Le pari de l’égalité éducative

L’inclusion scolaire des élèves en situation de handicap est une ambition profondément ancrée dans le système éducatif français, inscrite dans la loi depuis 2005. Si des progrès sont indéniables, le rapport de la Cour des comptes de septembre 2024 met en lumière les défis encore présents. Avec plus de 478 000 élèves scolarisés en 2023, contre 118 000 en 2006, la progression quantitative est frappante. Cependant, comme l’indique le rapport, cette « école inclusive » reste encore partiellement une utopie. Malgré les efforts budgétaires, la mise en œuvre concrète de cette politique est entravée par des disparités territoriales, des incohérences institutionnelles, et une gouvernance partagée encore trop souvent défaillante.


Le présent article se propose de se pencher en détails sur les constats de la Cour des comptes, en analysant les réussites et les limites de cette politique publique, tout en développant des recommandations issues de ce rapport.


Un cadre législatif fort, mais une application inégale

L’une des forces de la politique d’inclusion scolaire est indéniablement son cadre législatif. Depuis la loi du 11 février 2005, l’Éducation nationale est tenue d’accueillir tout enfant, quel que soit son handicap, dans les écoles ordinaires. Pourtant, comme le souligne la Cour des comptes, l’application de cette loi reste profondément inégale sur le territoire. Certaines régions ont su mettre en place des dispositifs d’accompagnement efficaces, tandis que d’autres peinent à rattraper leur retard. Ce déséquilibre est notamment lié à la capacité des MDPH (Maisons Départementales des Personnes Handicapées) à évaluer les besoins des élèves et à articuler leur action avec les DSDEN (Directions des Services Départementaux de l’Éducation Nationale).


La Cour des comptes observe avec justesse que les pratiques varient considérablement d’une académie à une autre.
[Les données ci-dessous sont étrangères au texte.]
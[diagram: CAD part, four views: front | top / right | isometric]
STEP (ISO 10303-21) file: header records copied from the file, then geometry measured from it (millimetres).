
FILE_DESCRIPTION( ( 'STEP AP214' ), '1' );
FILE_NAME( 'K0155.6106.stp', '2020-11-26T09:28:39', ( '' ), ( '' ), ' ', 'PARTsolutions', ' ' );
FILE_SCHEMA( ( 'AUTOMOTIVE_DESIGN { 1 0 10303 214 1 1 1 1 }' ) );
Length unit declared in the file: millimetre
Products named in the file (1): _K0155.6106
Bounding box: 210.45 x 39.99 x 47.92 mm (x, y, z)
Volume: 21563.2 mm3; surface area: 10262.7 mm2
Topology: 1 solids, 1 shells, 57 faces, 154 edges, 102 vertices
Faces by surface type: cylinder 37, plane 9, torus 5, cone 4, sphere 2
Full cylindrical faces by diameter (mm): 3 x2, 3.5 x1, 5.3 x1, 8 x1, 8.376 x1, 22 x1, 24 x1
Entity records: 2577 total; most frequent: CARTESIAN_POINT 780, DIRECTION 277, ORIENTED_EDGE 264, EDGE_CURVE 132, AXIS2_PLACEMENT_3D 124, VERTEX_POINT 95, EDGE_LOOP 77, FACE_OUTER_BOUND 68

Le rapport critique ainsi l’absence d’une véritable harmonisation des pratiques entre ces acteurs, menant à des situations où certains élèves ne bénéficient pas des aides et équipements dont ils auraient besoin pour être scolarisés dans de bonnes conditions .
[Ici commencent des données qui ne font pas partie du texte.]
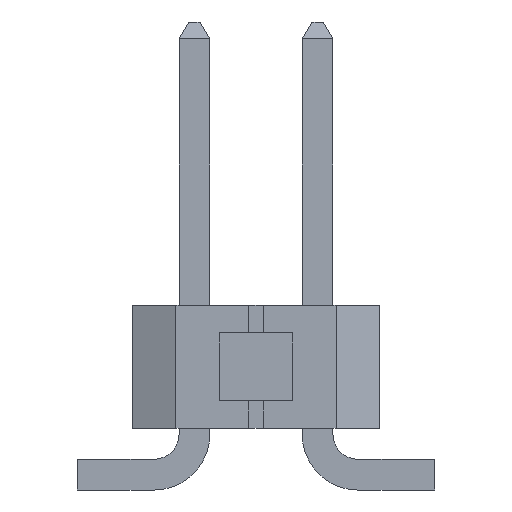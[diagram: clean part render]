
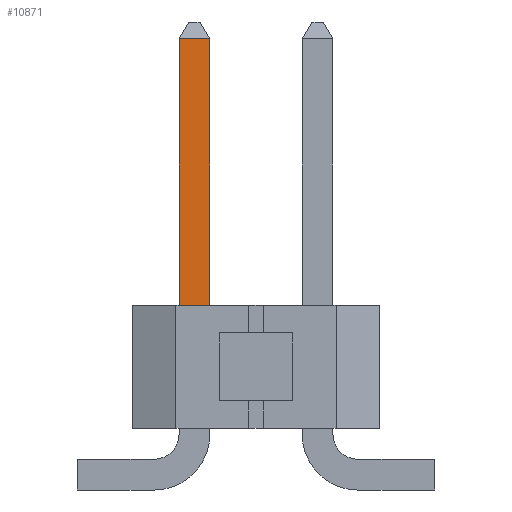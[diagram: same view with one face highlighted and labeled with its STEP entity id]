
A CAD part, left-side view. The second image highlights one B-rep face of the part: STEP entity #10871.
In plain terms, the highlighted planar face has unit normal (-1, 0, 0).
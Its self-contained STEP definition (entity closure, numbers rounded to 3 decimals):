
#215 = LINE ( 'NONE', #11675, #995 ) ;
#282 = EDGE_LOOP ( 'NONE', ( #2396, #9552, #939, #11125 ) ) ;
#939 = ORIENTED_EDGE ( 'NONE', *, *, #1673, .F. ) ;
#995 = VECTOR ( 'NONE', #15121, 1000. ) ;
#1438 = CARTESIAN_POINT ( 'NONE',  ( -7.938, 0.953, 3.81 ) ) ;
#1673 = EDGE_CURVE ( 'NONE', #15221, #2201, #12046, .T. ) ;
#1756 = CARTESIAN_POINT ( 'NONE',  ( -7.938, 1.588, 3.81 ) ) ;
#2201 = VERTEX_POINT ( 'NONE', #3249 ) ;
#2396 = ORIENTED_EDGE ( 'NONE', *, *, #18936, .F. ) ;
#2560 = VERTEX_POINT ( 'NONE', #20018 ) ;
#2652 = FACE_OUTER_BOUND ( 'NONE', #282, .T. ) ;
#3249 = CARTESIAN_POINT ( 'NONE',  ( -7.938, 1.588, 9.304 ) ) ;
#4913 = LINE ( 'NONE', #21382, #18017 ) ;
#5703 = PLANE ( 'NONE',  #13199 ) ;
#6913 = CARTESIAN_POINT ( 'NONE',  ( -7.938, 1.588, 9.65 ) ) ;
#7984 = LINE ( 'NONE', #11560, #13386 ) ;
#9552 = ORIENTED_EDGE ( 'NONE', *, *, #20608, .T. ) ;
#10154 = VECTOR ( 'NONE', #10502, 1000. ) ;
#10272 = CARTESIAN_POINT ( 'NONE',  ( -7.938, 2.098, 1.145 ) ) ;
#10502 = DIRECTION ( 'NONE',  ( 0., 0., 1. ) ) ;
#10871 = ADVANCED_FACE ( 'NONE', ( #2652 ), #5703, .F. ) ;
#11094 = DIRECTION ( 'NONE',  ( 0., 1., 0. ) ) ;
#11125 = ORIENTED_EDGE ( 'NONE', *, *, #19608, .F. ) ;
#11560 = CARTESIAN_POINT ( 'NONE',  ( -7.938, 0.953, 1.145 ) ) ;
#11675 = CARTESIAN_POINT ( 'NONE',  ( -7.938, 0., 3.81 ) ) ;
#12015 = DIRECTION ( 'NONE',  ( 1., 0., 0. ) ) ;
#12046 = LINE ( 'NONE', #6913, #10154 ) ;
#13199 = AXIS2_PLACEMENT_3D ( 'NONE', #10272, #12015, #14198 ) ;
#13386 = VECTOR ( 'NONE', #16782, 1000. ) ;
#14198 = DIRECTION ( 'NONE',  ( 0., 0., -1. ) ) ;
#15121 = DIRECTION ( 'NONE',  ( 0., 1., 0. ) ) ;
#15221 = VERTEX_POINT ( 'NONE', #1756 ) ;
#16675 = VERTEX_POINT ( 'NONE', #1438 ) ;
#16782 = DIRECTION ( 'NONE',  ( 0., 0., -1. ) ) ;
#18017 = VECTOR ( 'NONE', #11094, 1000. ) ;
#18936 = EDGE_CURVE ( 'NONE', #2560, #16675, #7984, .T. ) ;
#19608 = EDGE_CURVE ( 'NONE', #16675, #15221, #215, .T. ) ;
#20018 = CARTESIAN_POINT ( 'NONE',  ( -7.938, 0.953, 9.304 ) ) ;
#20608 = EDGE_CURVE ( 'NONE', #2560, #2201, #4913, .T. ) ;
#21382 = CARTESIAN_POINT ( 'NONE',  ( -7.938, 2.098, 9.304 ) ) ;

Des progrès visibles, mais insuffisants

En matière de ressources, l’État n’a pas été en reste. Le budget dédié à l’école inclusive a doublé entre 2017 et 2024, passant de 2,2 milliards d’euros à 4,4 milliards . Cette augmentation budgétaire a permis notamment de renforcer les effectifs des Accompagnants des Élèves en Situation de Handicap (AESH). Ces derniers, au nombre de 86 502 équivalents temps plein (ETP) à la rentrée 2024, jouent un rôle essentiel dans l’intégration des élèves en situation de handicap. Toutefois, la Cour des comptes dénonce un encadrement insuffisant des AESH et une gestion des ressources humaines parfois chaotique. Ces accompagnants sont souvent soumis à des contrats précaires et reçoivent une formation inadéquate pour répondre pleinement aux besoins des élèves. Le rapport souligne avec pertinence qu’une meilleure gestion de ces ressources humaines est indispensable si l’on souhaite garantir une qualité de prise en charge homogène sur tout le territoire.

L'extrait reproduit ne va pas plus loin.